• **Exercise aim**: Each entry should be repeated exactly. Its pictures should not be.

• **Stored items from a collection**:
━━━━━━

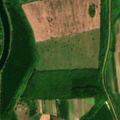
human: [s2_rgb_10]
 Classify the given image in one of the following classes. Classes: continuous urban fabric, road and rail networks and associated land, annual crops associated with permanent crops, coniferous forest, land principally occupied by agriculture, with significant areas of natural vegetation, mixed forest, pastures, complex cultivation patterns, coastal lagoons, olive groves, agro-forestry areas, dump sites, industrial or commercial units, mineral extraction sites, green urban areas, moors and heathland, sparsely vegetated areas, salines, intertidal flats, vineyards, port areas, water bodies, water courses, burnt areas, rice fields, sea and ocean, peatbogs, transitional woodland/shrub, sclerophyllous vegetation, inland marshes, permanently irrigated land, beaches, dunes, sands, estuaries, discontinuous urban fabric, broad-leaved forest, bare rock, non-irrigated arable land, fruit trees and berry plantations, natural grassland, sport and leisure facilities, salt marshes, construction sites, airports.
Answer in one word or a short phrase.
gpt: non-irrigated arable land, land principally occupied by agriculture, with significant areas of natural vegetation, broad-leaved forest, transitional woodland/shrub, water courses
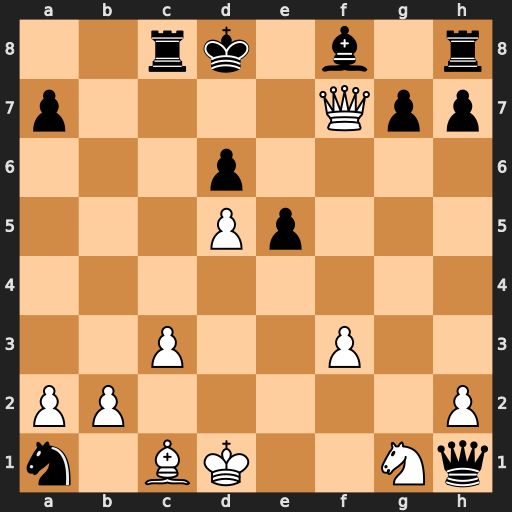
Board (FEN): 2rk1b1r/p4Qpp/3p4/3Pp3/8/2P2P2/PP5P/n1BK2Nq
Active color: w
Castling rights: -
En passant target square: -
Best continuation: Bg5+ Be7 Qxe7#
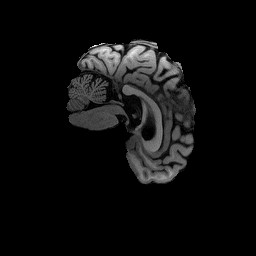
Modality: T1w
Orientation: sagittal
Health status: healthy
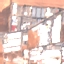
Land use / land cover class: Industrial
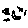
Label: moon
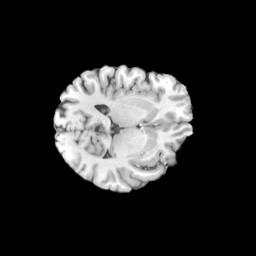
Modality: T1w
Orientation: axial
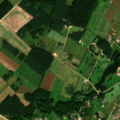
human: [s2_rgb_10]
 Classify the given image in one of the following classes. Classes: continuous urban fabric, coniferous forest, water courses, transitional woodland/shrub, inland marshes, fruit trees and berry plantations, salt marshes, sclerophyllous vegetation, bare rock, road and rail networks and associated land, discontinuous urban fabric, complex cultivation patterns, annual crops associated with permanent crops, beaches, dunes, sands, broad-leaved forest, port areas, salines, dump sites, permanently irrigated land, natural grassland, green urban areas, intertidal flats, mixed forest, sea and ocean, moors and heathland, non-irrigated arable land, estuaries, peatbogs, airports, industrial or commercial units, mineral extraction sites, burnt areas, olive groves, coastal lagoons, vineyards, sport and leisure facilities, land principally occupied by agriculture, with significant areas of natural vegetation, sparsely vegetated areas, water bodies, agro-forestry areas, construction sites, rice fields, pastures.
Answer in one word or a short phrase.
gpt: discontinuous urban fabric, non-irrigated arable land, pastures, land principally occupied by agriculture, with significant areas of natural vegetation, mixed forest, transitional woodland/shrub

━━━━━━

• **Solution to the exercise**:
human: [s2_rgb_10]
 Classify the given image in one of the following classes. Classes: continuous urban fabric, road and rail networks and associated land, annual crops associated with permanent crops, coniferous forest, land principally occupied by agriculture, with significant areas of natural vegetation, mixed forest, pastures, complex cultivation patterns, coastal lagoons, olive groves, agro-forestry areas, dump sites, industrial or commercial units, mineral extraction sites, green urban areas, moors and heathland, sparsely vegetated areas, salines, intertidal flats, vineyards, port areas, water bodies, water courses, burnt areas, rice fields, sea and ocean, peatbogs, transitional woodland/shrub, sclerophyllous vegetation, inland marshes, permanently irrigated land, beaches, dunes, sands, estuaries, discontinuous urban fabric, broad-leaved forest, bare rock, non-irrigated arable land, fruit trees and berry plantations, natural grassland, sport and leisure facilities, salt marshes, construction sites, airports.
Answer in one word or a short phrase.
gpt: non-irrigated arable land, land principally occupied by agriculture, with significant areas of natural vegetation, broad-leaved forest, transitional woodland/shrub, water courses
Board (FEN): 2rk1b1r/p4Qpp/3p4/3Pp3/8/2P2P2/PP5P/n1BK2Nq
Active color: w
Castling rights: -
En passant target square: -
Best continuation: Bg5+ Be7 Qxe7#
Modality: T1w
Orientation: sagittal
Health status: healthy
Land use / land cover class: Industrial
Label: moon
Modality: T1w
Orientation: axial
human: [s2_rgb_10]
 Classify the given image in one of the following classes. Classes: continuous urban fabric, coniferous forest, water courses, transitional woodland/shrub, inland marshes, fruit trees and berry plantations, salt marshes, sclerophyllous vegetation, bare rock, road and rail networks and associated land, discontinuous urban fabric, complex cultivation patterns, annual crops associated with permanent crops, beaches, dunes, sands, broad-leaved forest, port areas, salines, dump sites, permanently irrigated land, natural grassland, green urban areas, intertidal flats, mixed forest, sea and ocean, moors and heathland, non-irrigated arable land, estuaries, peatbogs, airports, industrial or commercial units, mineral extraction sites, burnt areas, olive groves, coastal lagoons, vineyards, sport and leisure facilities, land principally occupied by agriculture, with significant areas of natural vegetation, sparsely vegetated areas, water bodies, agro-forestry areas, construction sites, rice fields, pastures.
Answer in one word or a short phrase.
gpt: discontinuous urban fabric, non-irrigated arable land, pastures, land principally occupied by agriculture, with significant areas of natural vegetation, mixed forest, transitional woodland/shrub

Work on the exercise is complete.